Snowflake Advanced · Interview Prep

Query Optimization & Clustering

Difficulty: Hard · Commonly asked at Google, Uber, Netflix

Interview Question

"A critical dashboard query that used to run in 5 seconds now takes 5 minutes. Walk me through your systematic approach to diagnose and fix the performance issue. How do clustering keys and micro-partition pruning help?"

ℹ️

Companies Asking This: Google (Senior Data Engineer), Uber (Staff Data Engineer), Netflix (Senior Data Engineer), Amazon (L6 Data Engineer)

Micro-Partition Pruning

Snowflake automatically divides data into micro-partitions (50-500MB compressed).

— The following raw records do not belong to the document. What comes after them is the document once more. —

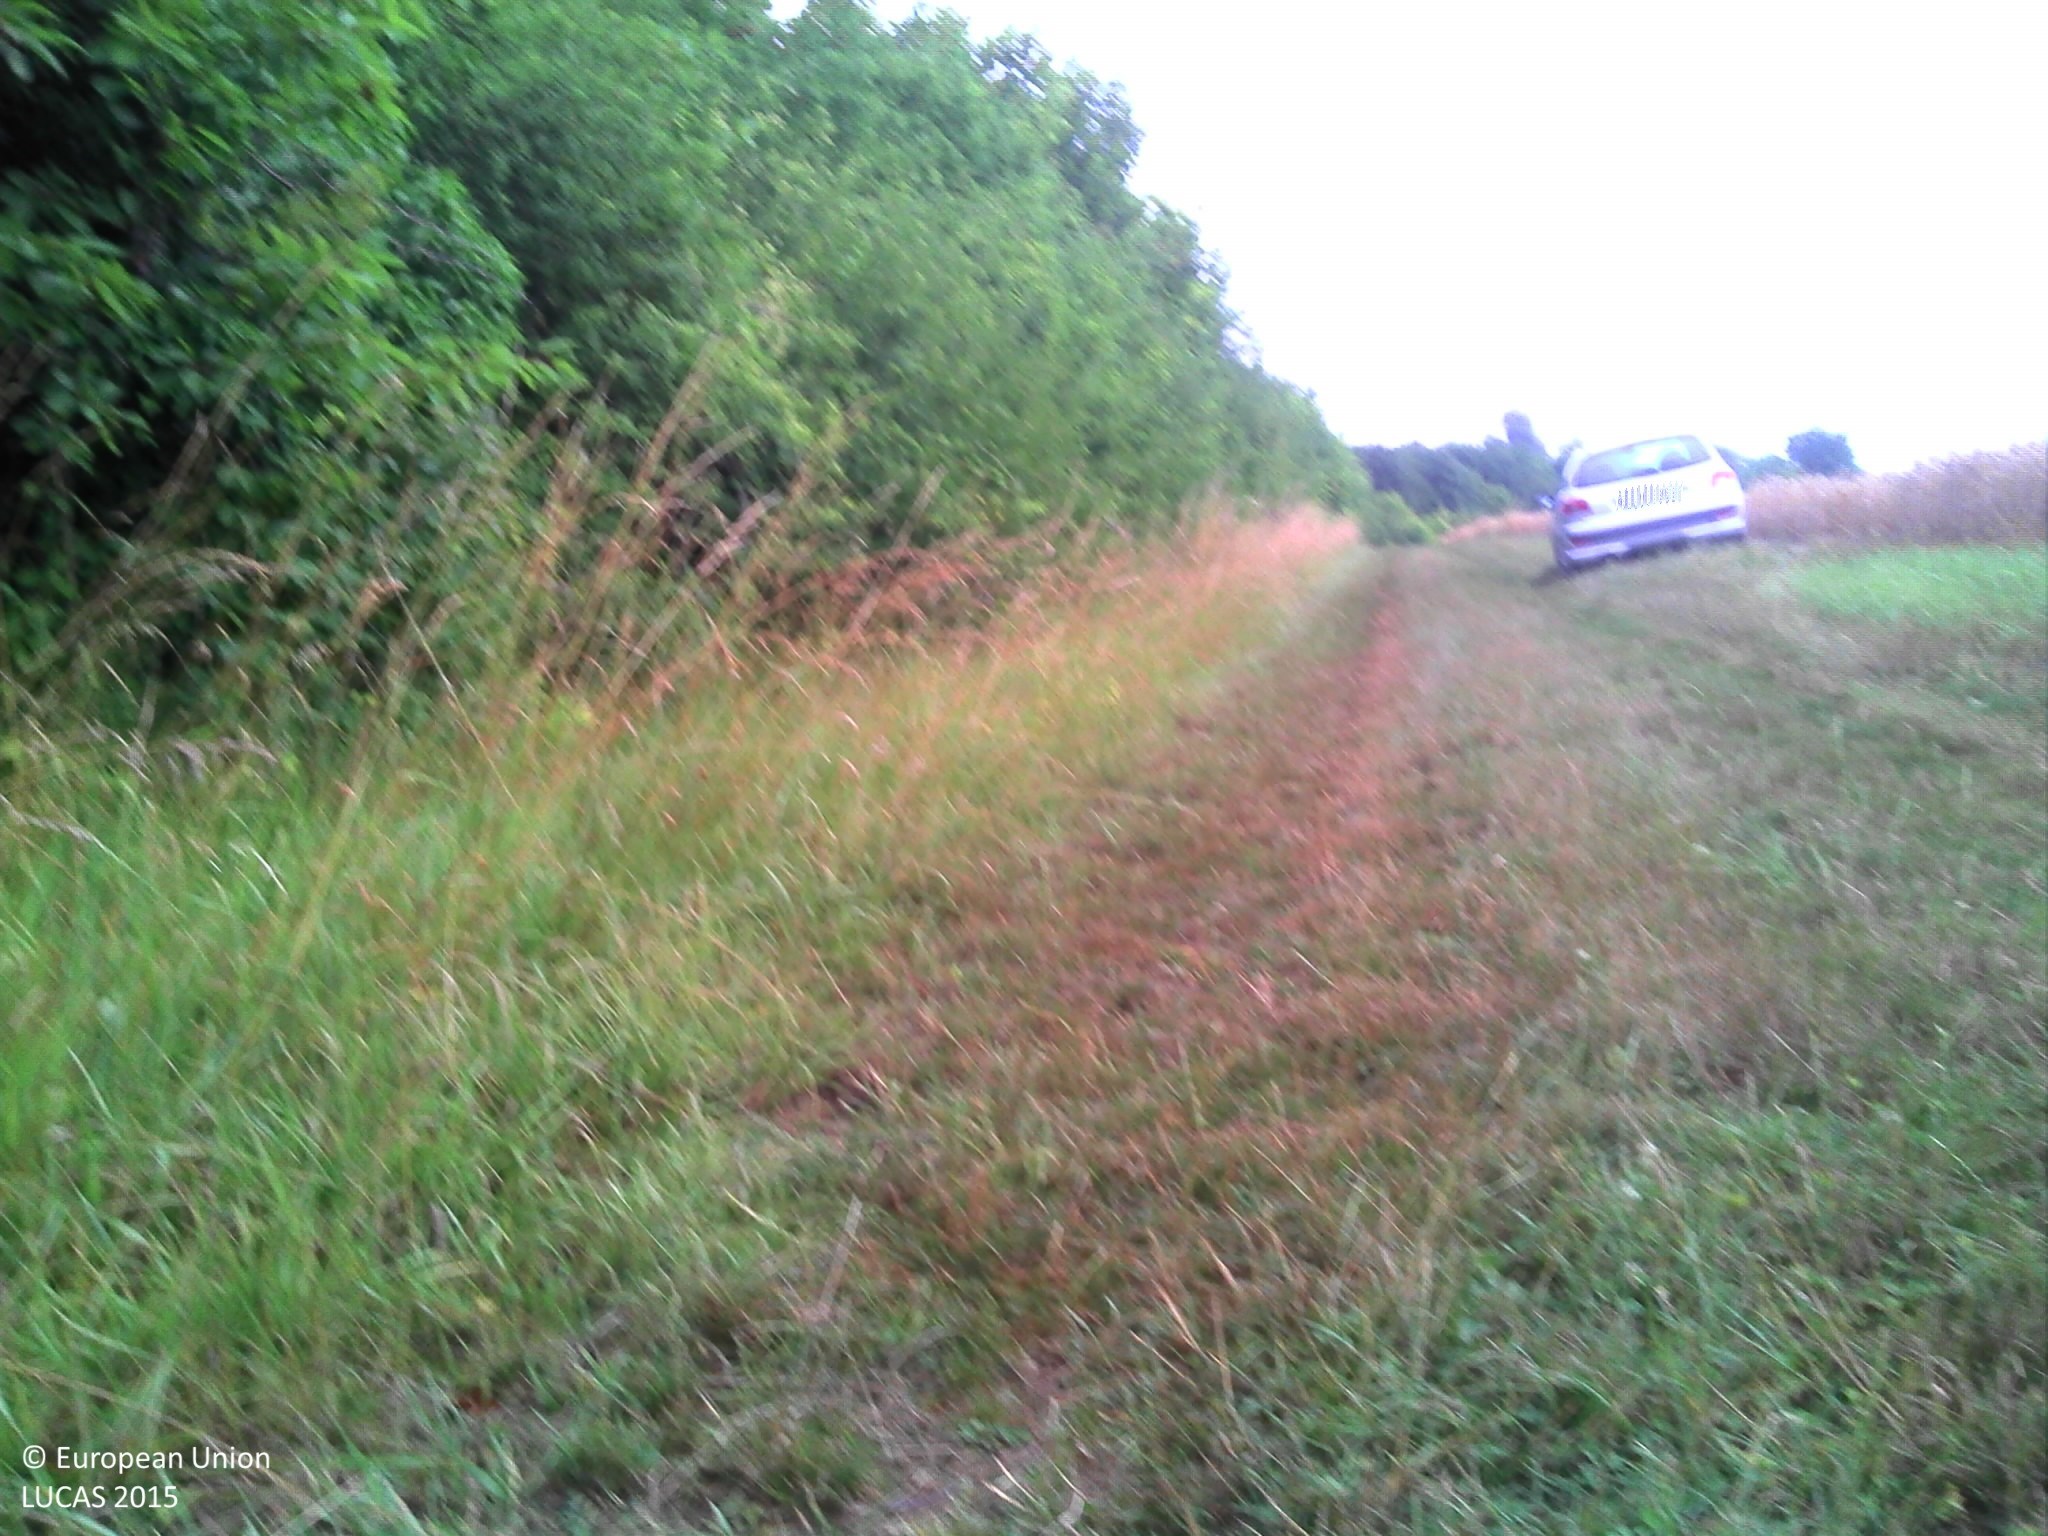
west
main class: Cropland
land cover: Common wheat
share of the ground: > 75 %
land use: Agriculture (excluding fallow land and kitchen gardens)
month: July
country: FR
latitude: 48.7543
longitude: 4.1607

Pruning eliminates micro-partitions that don't match query predicates, dramatically reducing data scanned.

How Pruning Works

-- Create a table with natural clustering
CREATE TABLE sales (
    sale_id NUMBER AUTOINCREMENT,
    sale_date DATE,
    region VARCHAR(20),
    product_category VARCHAR(50),
    amount NUMBER(12,2),
    customer_id VARCHAR(100)
);

-- Insert sample data
INSERT INTO sales (sale_date, region, product_category, amount, customer_id)
SELECT 
    DATEADD(day, -seq % 365, CURRENT_DATE()),
    CASE MOD(seq, 5) 
        WHEN 0 THEN 'US-EAST' WHEN 1 THEN 'US-WEST' 
        WHEN 2 THEN 'EU' WHEN 3 THEN 'APAC' ELSE 'LATAM'
    END,
    CASE MOD(seq, 8) 
        WHEN 0 THEN 'Electronics' WHEN 1 THEN 'Clothing'
        WHEN 2 THEN 'Books' WHEN 3 THEN 'Home'
        WHEN 4 THEN 'Sports' WHEN 5 THEN 'Toys'
        WHEN 6 THEN 'Automotive' ELSE 'Health'
    END,
    ROUND(RANDOM() * 1000, 2),
    'cust_' || MOD(seq, 10000)
FROM TABLE(GENERATOR(ROWCOUNT => 10000000)) seq;

-- Check pruning efficiency
SELECT 
    query_id,
    partitions_scanned,
    partitions_total,
    ROUND(partitions_scanned * 100.0 / NULLIF(partitions_total, 0), 2) AS scan_percentage,
    bytes_scanned / (1024*1024) AS mb_scanned,
    compilation_time_ms,
    execution_time_ms,
    total_elapsed_time_ms
FROM snowflake.account_usage.query_history
WHERE query_type = 'SELECT'
  AND query_text LIKE '%sales%'
  AND start_time >= DATEADD(hour, -24, CURRENT_TIMESTAMP())
ORDER BY total_elapsed_time_ms DESC;

Clustering Keys

Clustering keys control how data is physically organized within micro-partitions, improving pruning for common query patterns.

Creating Clustering Keys

-- Add clustering key to existing table
ALTER TABLE sales CLUSTER BY (sale_date, region);

-- Create table with clustering key
CREATE TABLE sales_clustered (
    sale_id NUMBER AUTOINCREMENT,
    sale_date DATE,
    region VARCHAR(20),
    product_category VARCHAR(50),
    amount NUMBER(12,2),
    customer_id VARCHAR(100)
) CLUSTER BY (sale_date, region);

-- Check clustering depth and quality
SELECT 
    SYSTEM$CLUSTERING_DEPTH('sales_clustered') AS avg_depth,
    SYSTEM$CLUSTERING_INFORMATION('sales_clustered') AS clustering_info;

-- Detailed clustering analysis
SELECT 
    sale_date,
    region,
    COUNT(*) AS row_count,
    COUNT(DISTINCT product_category) AS categories,
    SUM(amount) AS total_amount
FROM sales_clustered
GROUP BY 1, 2
ORDER BY 1, 2;

-- Monitor clustering operations
SELECT 
    query_id,
    query_text,
    start_time,
    end_time,
    execution_status,
    bytes_spilled_to_local_storage,
    bytes_spilled_to_remote_storage
FROM snowflake.account_usage.query_history
WHERE query_text LIKE '%CLUSTER%'
  AND start_time >= DATEADD(day, -7, CURRENT_TIMESTAMP())
ORDER BY start_time DESC;

ℹ️

Key Insight: Clustering is most effective when query filters align with clustering keys. A query filtering on sale_date and region will benefit from clustering on (sale_date, region), but a query filtering only on product_category may not benefit at all.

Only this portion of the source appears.